When I walked into her office last Wednesday, I was pale, drawn and in the midst of a complete breakdown. I let myself be vulnerable. I let all those feelings come to the surface and cried A LOT. Heck, it was more like sobbing, that true ugly crying.
The stress of life after cancer is so immense and heavy, that it’s impossible to carry the load alone. I had given up when I walked through her door. I was going to get on Medicaid and file for disability because I had just thrown in the towel. I was done.
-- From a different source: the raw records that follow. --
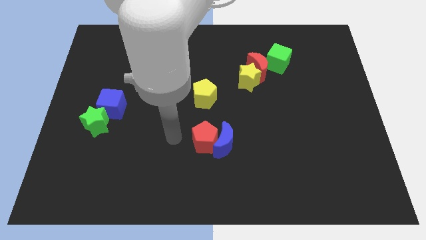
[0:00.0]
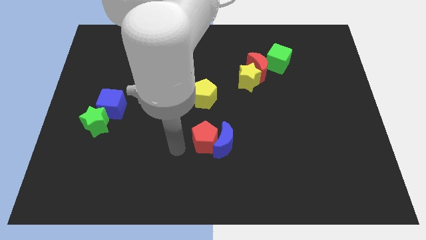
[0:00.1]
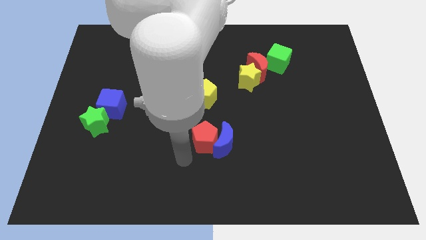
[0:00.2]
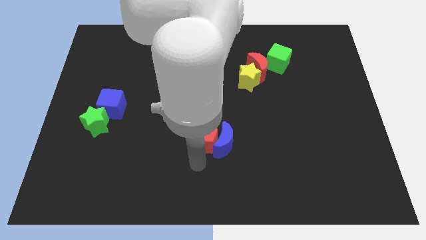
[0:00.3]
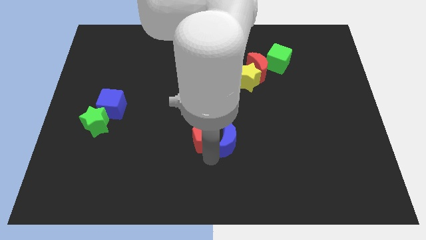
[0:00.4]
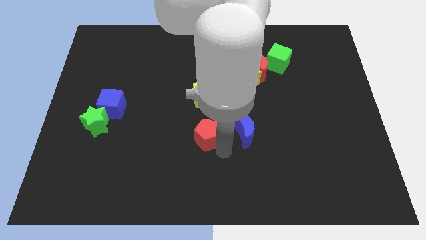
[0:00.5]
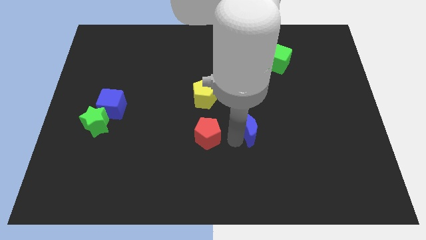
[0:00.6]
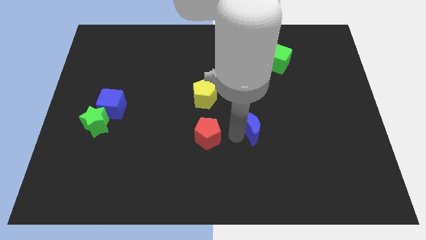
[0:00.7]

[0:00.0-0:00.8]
pull the red pentagon apart from the blue moon

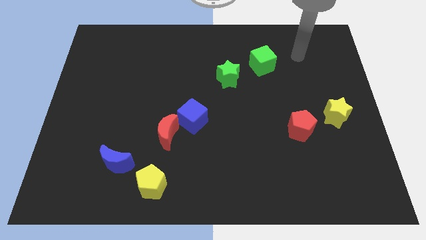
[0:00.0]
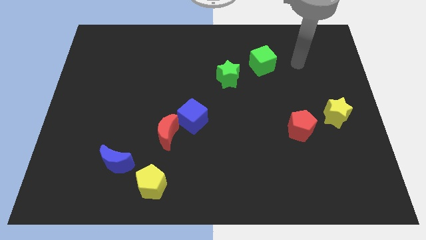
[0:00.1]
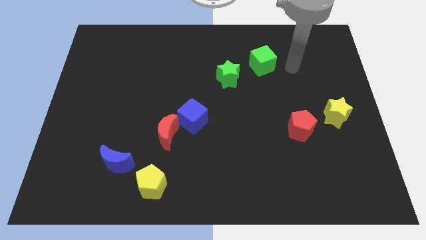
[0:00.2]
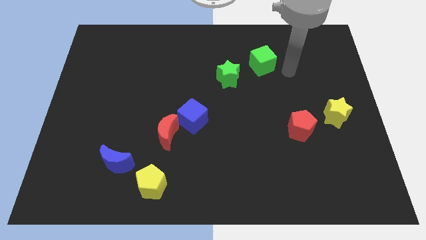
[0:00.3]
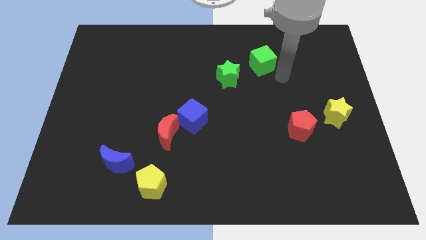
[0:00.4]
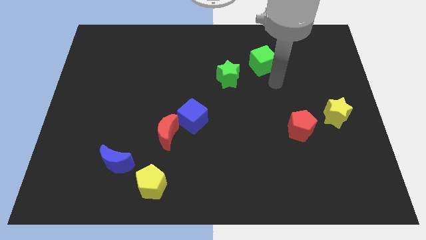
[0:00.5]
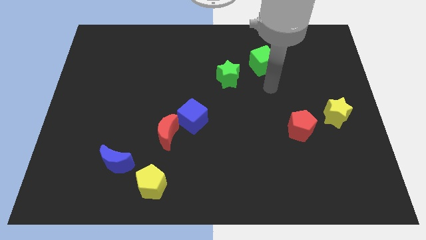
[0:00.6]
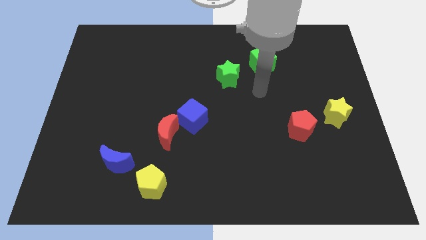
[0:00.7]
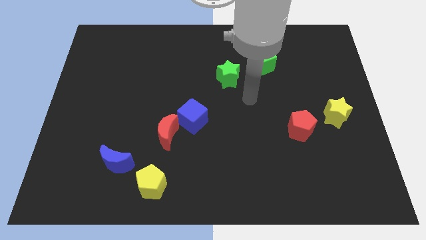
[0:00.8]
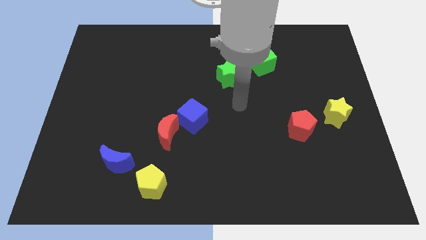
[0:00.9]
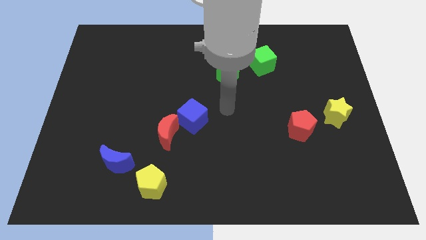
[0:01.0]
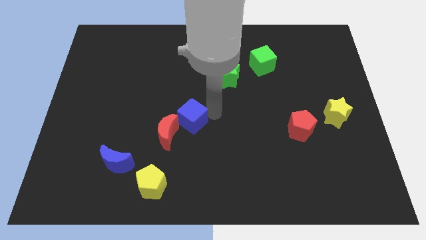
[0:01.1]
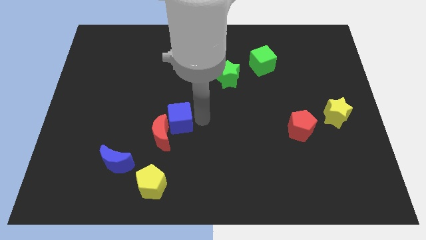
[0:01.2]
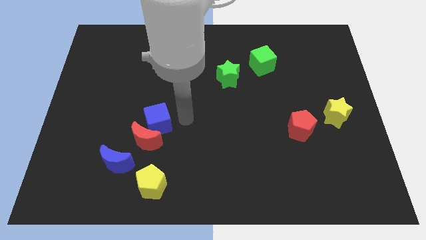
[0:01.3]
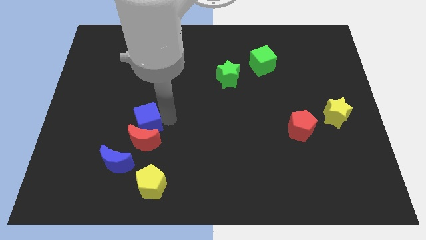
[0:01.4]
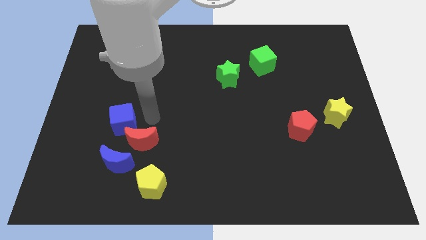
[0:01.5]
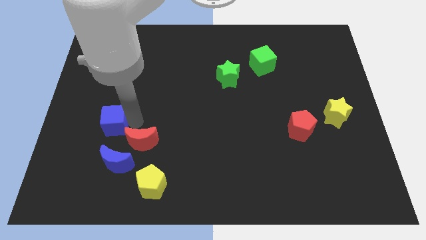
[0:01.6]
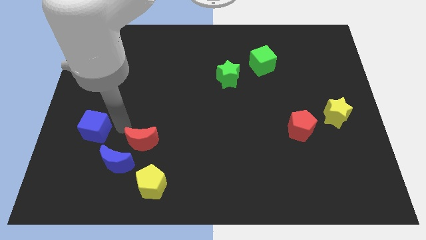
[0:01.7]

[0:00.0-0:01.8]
move the red moon away from the blue cube

Well, Dr. Silbiger wasn’t going to let me give up. Period. She reminded me that I am more resilient and resourceful than I think I am. She said I was a fighter long before cancer. It’s NOT my nature to give up. She told me I have every right to scream, kick things and cry. I have been through the wringer. It’s OKAY.
By the end of the session, I felt 75% better. She knows times are financially tough and not charging me for the sessions right now. She said it’s important that I know I have a safe place to go when things get too overwhelming and scary. She will be that professional and safe support system.
Fast forward to this past weekend…
I have been beyond blessed with a few miracles. My immediate financial stress has been taken care of and paid in full by a ministry full of angels in my church. I’m beyond overjoyed and relieved. I let go of that pride and continue to remain genuine and a woman of faith. I’m so blessed by the generosity of friends and fellow warriors, too. The outreach of all kinds of support wrapped me with much needed hugs and shoulders to lean on.
I have never let go of my faith. It pushed me to ask for professional, spiritual and financial help. I literally feel the weight lifted off my shoulders this morning. Yes, I still need a job and health insurance, but my confidence is back. My feistiness, humor and will to live is back.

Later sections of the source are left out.